Fangær man saar i hor seng mæth annæns mansz kunæ. oc kumær han burt liuænd....
 "If one catches someone in the whore-bed with another man's wife and he comes away alive..."
— Jutlandic Law, 1241

takær bondæ annær man mæth sin kunæ oc kumar swa at han dræpær anti mannen....
 "If a peasant takes another man with his wife and does it happen that he does not kill the man..."
— The Zealandic Law of Erik, approx. 1250

hittær man annær man i siangu mæþ aþulkunu sinni ok dræpær bondæn horkarkl i sængu mæþ hænnæ....
 "If one finds another man in bed with one's wedded wife and if the peasant kills the whore-churl in bed with her..."
— Scanian Law, approx. 1216

From 1100 and onwards, the dialect of Denmark began to diverge from that of Sweden. The innovations spread unevenly from Denmark which created a series of minor dialectal boundaries, isoglosses, ranging from Zealand to Svealand.
In the medieval period Danish emerged as a separate language from Swedish. The main written language was Latin, and the few Danish language texts preserved from this period are written in the Latin alphabet, although the runic alphabet seems to have lingered in popular usage in some areas. The main text types written in this period are laws, which were formulated in the vernacular language to be accessible also to those who were not Latinate. The Jutlandic Law and Scanian Law were written in vernacular Danish in the early 13th century. Beginning in 1350, Danish began to be used as a language of administration and new types of literature began to be written in the language, such as royal letters and testaments. The orthography in this period was not standardized nor was the spoken language, and the regional laws demonstrate the dialectal differences between the regions in which they were written. Throughout this period, Danish was in contact with Low German, and many Low German loan words were introduced.

Starting in the 12th century, voiceless stops become voiced when between vowels or at the end of a word, and in the 13th century these become fricatives.

Examples of lenition in Danish
| Danish | Swedish | Danish | Swedish |
|---|---|---|---|
| gabe | gapa | skib | skepp |
| gade | gata | fod | fot |
| lege | leka | bog | bok |

When following a short syllable and preceded by //j//, consonants (except fricatives) were lengthened. This must have happened before lenition since voiceless stops stay as such (e.g. setja → sætte). This is a very similar process to the West Germanic gemination in neighboring languages.
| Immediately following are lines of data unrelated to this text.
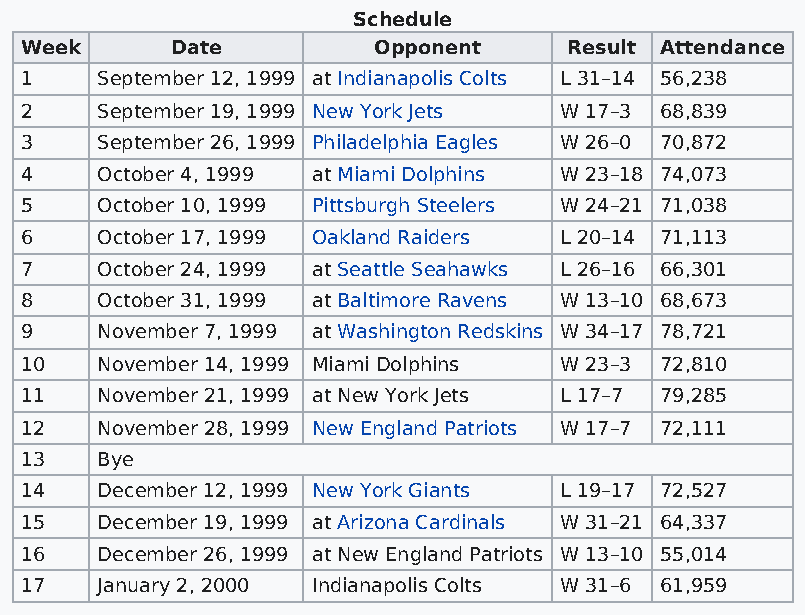
Schedule
 Week      Date          Opponent     Result Attendance
 1    September 12, 1999 at Indianapolis Colts L 31–14 56,238
 2    September 19, 1999 New York Jets W 17–3 68,839
 3    September 26, 1999 Philadelphia Eagles W 26–0 70,872
 4    October 4, 1999 at Miami Dolphins W 23–18 74,073
 5    October 10, 1999 Pittsburgh Steelers W 24–21 71,038
 6    October 17, 1999 Oakland Raiders L 20–14 71,113
 7    October 24, 1999 at Seattle Seahawks L 26–16 66,301
 8    October 31, 1999 at Baltimore Ravens W 13–10 68,673
 9    November 7, 1999 at Washington Redskins W 34–17 78,721
 10   November 14, 1999 Miami Dolphins W 23–3 72,810
 11   November 21, 1999 at New York Jets L 17–7 79,285
 12   November 28, 1999 New England Patriots W 17–7 72,111
 13   Bye
 14   December 12, 1999 New York Giants L 19–17 72,527
 15   December 19, 1999 at Arizona Cardinals W 31–21 64,337
 16   December 26, 1999 at New England Patriots W 13–10 55,014
 17   January 2, 2000 Indianapolis Colts W 31–6 61,959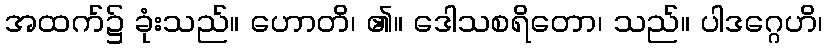
အထက်၌ ခုံးသည်။ ဟောတိ၊ ၏။ ဒေါသစရိတော၊ သည်။ ပါဒဂ္ဂေဟိ၊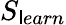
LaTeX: S_{\mathsf{l}earn}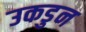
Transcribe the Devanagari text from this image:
उकडुन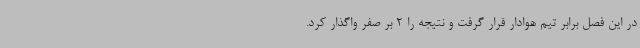
در این فصل برابر تیم هوادار قرار گرفت و نتیجه را 2 بر صفر واگذار کرد.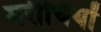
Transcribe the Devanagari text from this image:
मरीचियों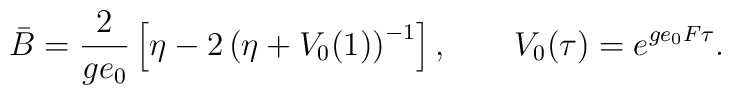
\bar{B}=\frac{2}{ge_{0}}\left[\eta-2\left(\eta+V_{0}(1)\right)^{-1}\right],\qquad V_{0}(\tau)=e^{ge_{0}F\tau}.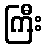
ကြီး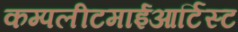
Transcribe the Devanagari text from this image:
कम्पलीटमाईआर्टिस्ट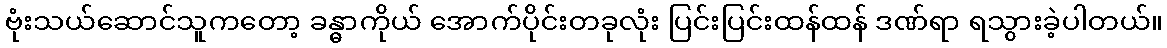
ဗုံးသယ်ဆောင်သူကတော့ ခန္ဓာကိုယ် အောက်ပိုင်းတခုလုံး ပြင်းပြင်းထန်ထန် ဒဏ်ရာ ရသွားခဲ့ပါတယ်။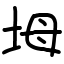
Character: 坶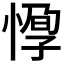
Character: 𢝼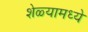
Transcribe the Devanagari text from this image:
शेळ्यामध्ये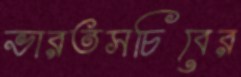
ভারতসচিবের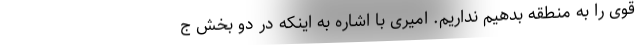
قوی را به منطقه بدهیم نداریم. امیری با اشاره به اینکه در دو بخش ج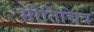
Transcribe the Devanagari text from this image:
भीतिचित्र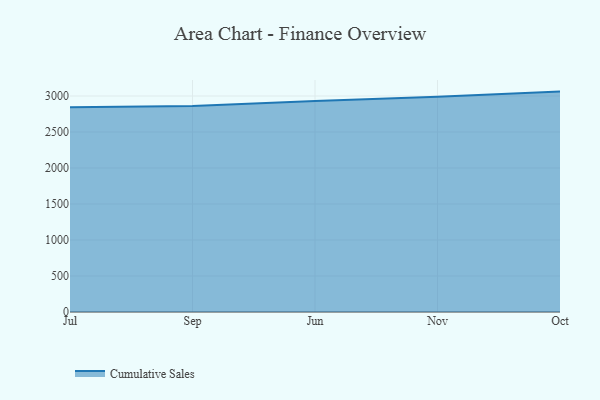
{"axis": {"x": "Month", "y": "Humidity (%)"}, "legend": ["Cumulative Sales"], "data": [{"x": "Jul", "y": 2844.4, "type": "Cumulative Sales"}, {"x": "Sep", "y": 2860.8, "type": "Cumulative Sales"}, {"x": "Jun", "y": 2932.2, "type": "Cumulative Sales"}, {"x": "Nov", "y": 2990.5, "type": "Cumulative Sales"}, {"x": "Oct", "y": 3061.3, "type": "Cumulative Sales"}]}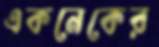
একনেকের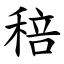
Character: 稖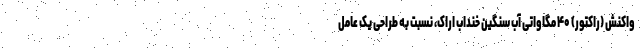
واکنش (راکتور) ۴۰ مگاواتی آب سنگین خنداب اراک، نسبت به طراحی یک عامل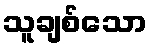
သူချစ်သော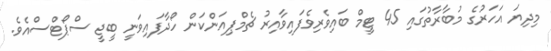
މިދިޔަ އަހަރުގެ މުބާރާތުގައި 45 ޓީމް ބައިވެރިވެފައިވާއިރު ޗެމްޕިއަންކަން ހޯދާފައިވަނީ ބީޖީ ސްޕޯޓްސްއެވެ.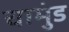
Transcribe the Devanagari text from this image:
चामुंड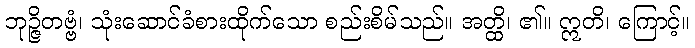
ဘုဉ္ဇိတဗ္ဗံ၊ သုံးဆောင်ခံစားထိုက်သော စည်းစိမ်သည်။ အတ္ထိ၊ ၏။ ဣတိ၊ ကြောင့်။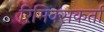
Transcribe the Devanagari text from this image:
रिमिक्सकर्ता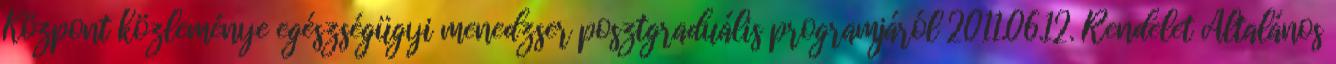
Központ közleménye egészségügyi menedzser posztgraduális programjáról 2011.06.12. Rendelet Általános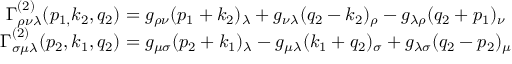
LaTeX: \begin{array} { c } { { \Gamma _ { \rho \nu \lambda } ^ { \left( 2 \right) } ( p _ { 1 , } k _ { 2 } , q _ { 2 } ) = g _ { \rho \nu } ( p _ { 1 } + k _ { 2 } ) _ { \lambda } + g _ { \nu \lambda } ( q _ { 2 } - k _ { 2 } ) _ { \rho } - g _ { \lambda \rho } ( q _ { 2 } + p _ { 1 } ) _ { \nu } } } \\ { { \Gamma _ { \sigma \mu \lambda } ^ { ( 2 ) } ( p _ { 2 } , k _ { 1 } , q _ { 2 } ) = g _ { \mu \sigma } ( p _ { 2 } + k _ { 1 } ) _ { \lambda } - g _ { \mu \lambda } ( k _ { 1 } + q _ { 2 } ) _ { \sigma } + g _ { \lambda \sigma } ( q _ { 2 } - p _ { 2 } ) _ { \mu } } } \end{array}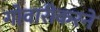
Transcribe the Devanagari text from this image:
गोवारीकरने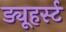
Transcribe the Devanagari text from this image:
ड्यूहर्स्ट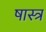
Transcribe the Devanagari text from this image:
षास्त्र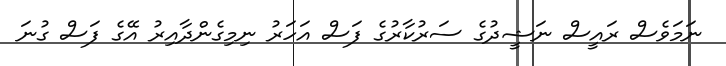
ނަމަވެސް ރައީސް ނަޝީދުގެ ސަރުކާރުގެ ފަސް އަހަރު ނިމިގެންދާއިރު އޭގެ ފަސް ގުނަ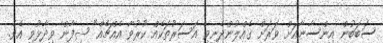
ސަބަބުން އިންސާނާއަށް ވަރަށް ގެއްލުންދެނިވި އަސަރުތަކެއް ކުރުވާ އެއްޗެއް" ޝިފާން ވިދާޅުވި އެވެ.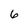
Character: 6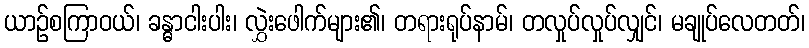
ယာဉ်စကြာဝယ်၊ ခန္ဓာငါးပါး၊ လွှဲးဖေါက်များ၏၊ တရားရုပ်နာမ်၊ တလှုပ်လှုပ်လျှင်၊ မချုပ်လေတတ်၊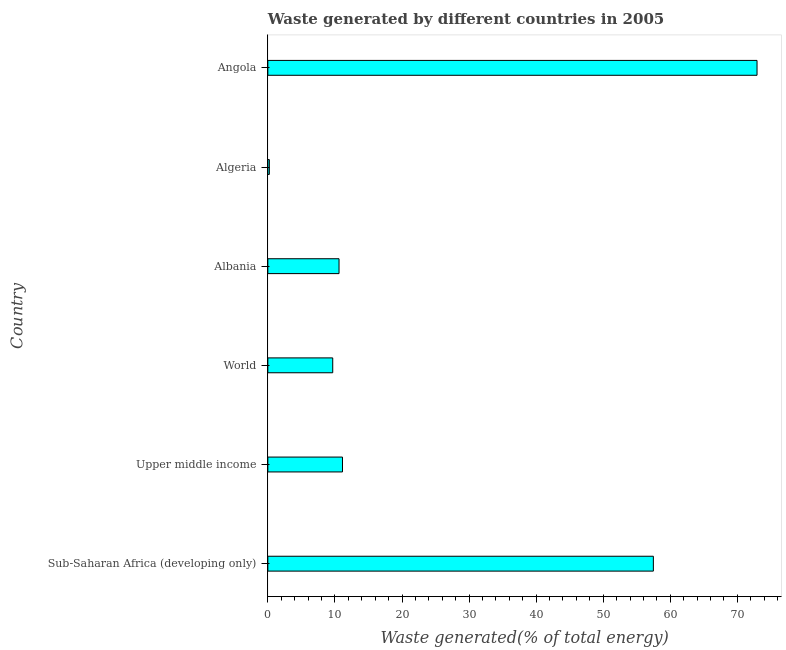
| Country | Combustible renewables and waste (% of total energy) |
 | --- | --- |
 | Sub-Saharan Africa (developing only) | 57.5 |
 | Upper middle income | 11.1 |
 | World | 9.67 |
 | Albania | 10.6 |
 | Algeria | 0.221 |
 | Angola | 72.9 |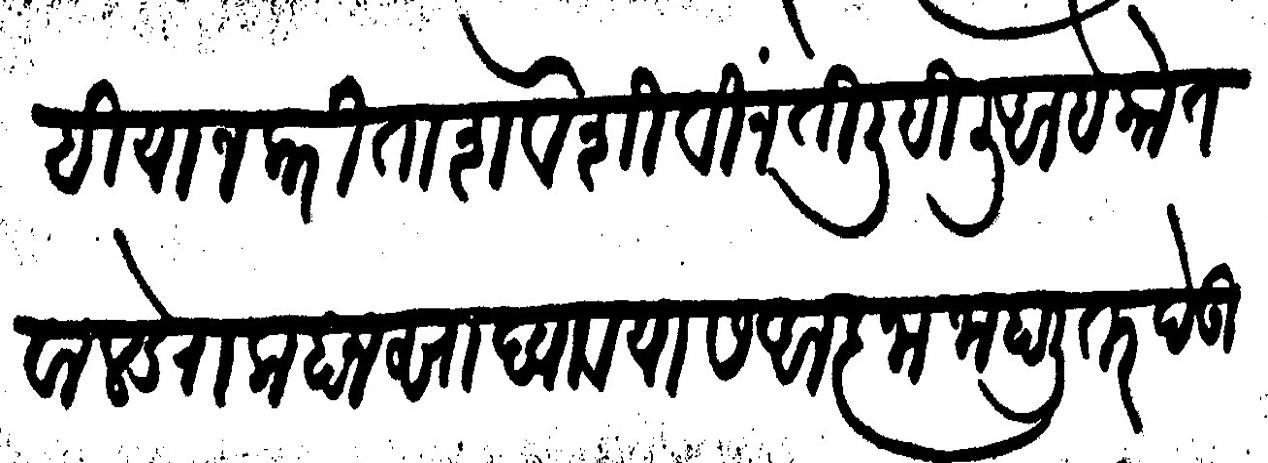
Transliteration (Devanagari): नाही याज करिता शेवेशी विनंती लिहिली आहे कोतवाल डेरा लाहानसा ध्यावयास आज्ञा जाहाली तर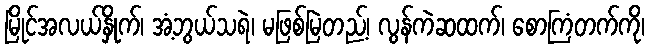
မြိုင်အလယ်နှိုက်၊ အံ့ဘွယ်သရဲ၊ မဖြစ်မြဲတည့်၊ လွန်ကဲဆထက်၊ စောကြံတက်ကို၊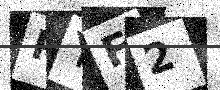
Text: RYF2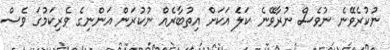
ނުކުރެވޭނެ ނުވެސް ނުރާވޭނެ ކަލަެ އަކަށް އިތުބާރެއް ނުކުރަން އަންނިގެ ވެރިކަމުގަ ވެސް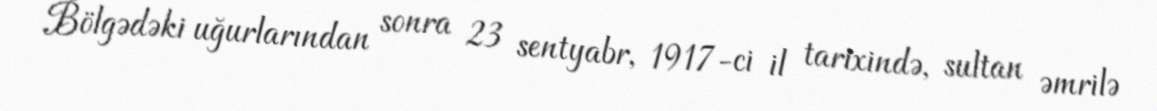
Bölgədəki uğurlarından sonra 23 sentyabr, 1917-ci il tarixində, sultan əmrilə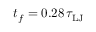
t _ { f } = 0 . 2 8 \, \tau _ { \mathrm { L J } }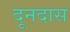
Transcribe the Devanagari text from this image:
दूनदास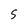
Character: S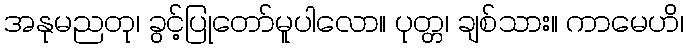
အနုမညတု၊ ခွင့်ပြုတော်မူပါလော။ ပုတ္တ၊ ချစ်သား။ ကာမေဟိ၊
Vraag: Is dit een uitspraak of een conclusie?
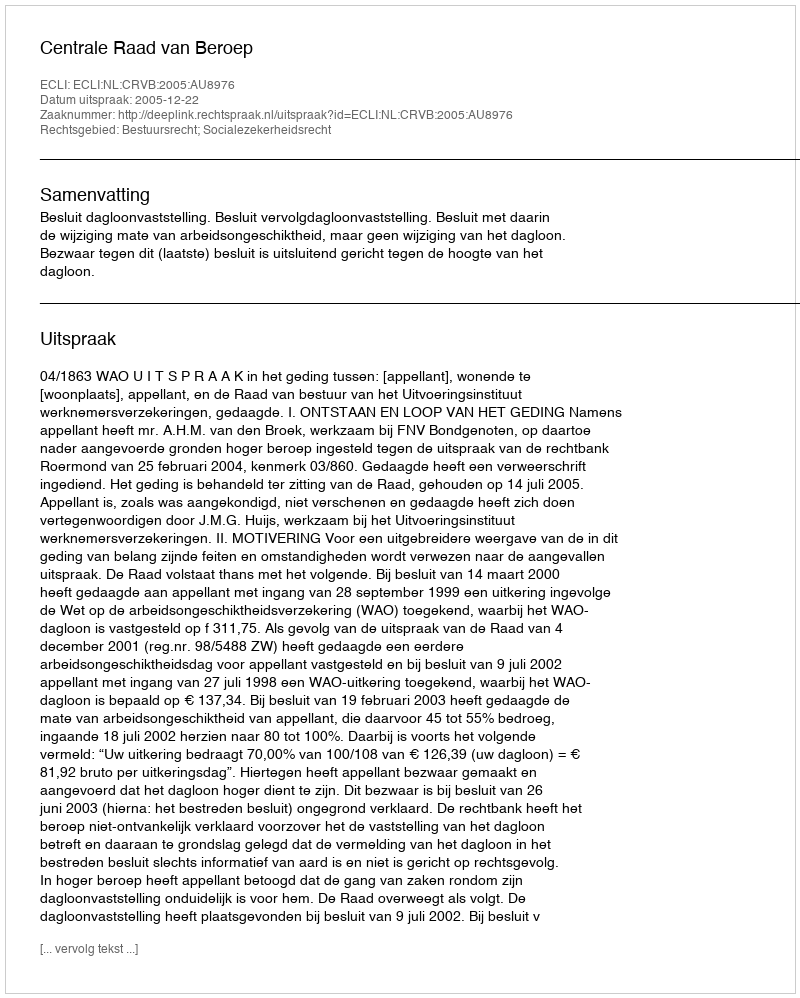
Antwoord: Uitspraak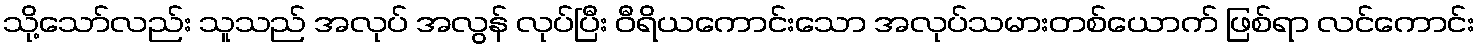
သို့သော်လည်း သူသည် အလုပ် အလွန် လုပ်ပြီး ဝီရိယကောင်းသော အလုပ်သမားတစ်ယောက် ဖြစ်ရာ လင်ကောင်း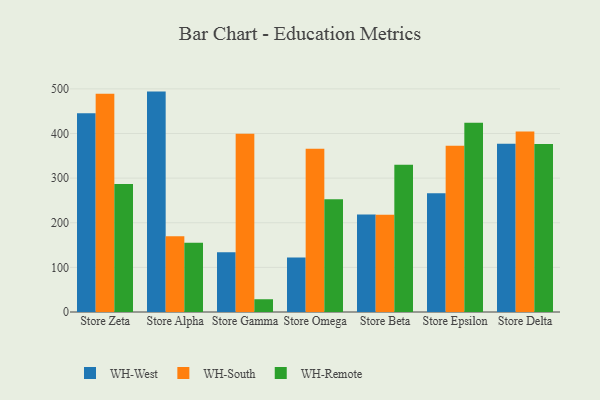
{"axis": {"x": "Store", "y": "Page Views"}, "legend": ["WH-Remote", "WH-South", "WH-West"], "data": [{"x": "Store Zeta", "y": 445.3, "type": "WH-West"}, {"x": "Store Zeta", "y": 489.1, "type": "WH-South"}, {"x": "Store Zeta", "y": 286.6, "type": "WH-Remote"}, {"x": "Store Alpha", "y": 493.9, "type": "WH-West"}, {"x": "Store Alpha", "y": 170.0, "type": "WH-South"}, {"x": "Store Alpha", "y": 155.4, "type": "WH-Remote"}, {"x": "Store Gamma", "y": 134.1, "type": "WH-West"}, {"x": "Store Gamma", "y": 399.5, "type": "WH-South"}, {"x": "Store Gamma", "y": 28.6, "type": "WH-Remote"}, {"x": "Store Omega", "y": 122.0, "type": "WH-West"}, {"x": "Store Omega", "y": 365.6, "type": "WH-South"}, {"x": "Store Omega", "y": 252.6, "type": "WH-Remote"}, {"x": "Store Beta", "y": 218.5, "type": "WH-West"}, {"x": "Store Beta", "y": 218.0, "type": "WH-South"}, {"x": "Store Beta", "y": 330.2, "type": "WH-Remote"}, {"x": "Store Epsilon", "y": 266.2, "type": "WH-West"}, {"x": "Store Epsilon", "y": 372.3, "type": "WH-South"}, {"x": "Store Epsilon", "y": 423.9, "type": "WH-Remote"}, {"x": "Store Delta", "y": 377.3, "type": "WH-West"}, {"x": "Store Delta", "y": 404.4, "type": "WH-South"}, {"x": "Store Delta", "y": 376.3, "type": "WH-Remote"}]}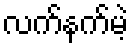
လက်နက်မဲ့

Examples of gemination by /j/ in Danish
| Danish | Old Norse | Danish | Old Norse |
|---|---|---|---|
| sætte | setja | skønne | skynja |

Starting in the 13th century, vowels are lengthened before certain consonant clusters, most commonly before rd but sometimes also nd, ld. This lengthening was often later reverted in modern Danish, but not before long a rounded to å (or o, as in holde).

Examples of lengthening before consonant clusters in Danish
| Danish | Old Norse | Danish | Old Norse |
|---|---|---|---|
| skår | skarð | holde | halda |

==Renaissance and Reformation==
With the Protestant Reformation in 1536, Danish also became the language of religion, which sparked a new interest in using Danish as a literary language. It is also in this period that Danish begins to take on the linguistic traits that differentiate it from Swedish and Norwegian, such as the stød and the voicing of many stop consonants.

The first printed book in Danish dates from 1495, "Rimkrøniken" (the Rhyming Chronicle), a history book told in rhymed verses. The first complete translation of the Bible in Danish, the Bible of Christian III, some parts translated by Christiern Pedersen, was published in 1550. Pedersen's orthographic choices set the de facto standard for subsequent writing in Danish.

==Modern Danish==
The first translation of the Bible in Danish was published in 1550.

Some notable authors of works in Danish are existential philosopher Søren Kierkegaard, prolific fairy tale author Hans Christian Andersen, and playwrights Henrik Ibsen and Ludvig Holberg. Three 20th-century Danish authors have become Nobel Prize laureates in Literature: Karl Adolph Gjellerup and Henrik Pontoppidan (joint recipients in 1917) and Johannes Vilhelm Jensen (awarded 1944).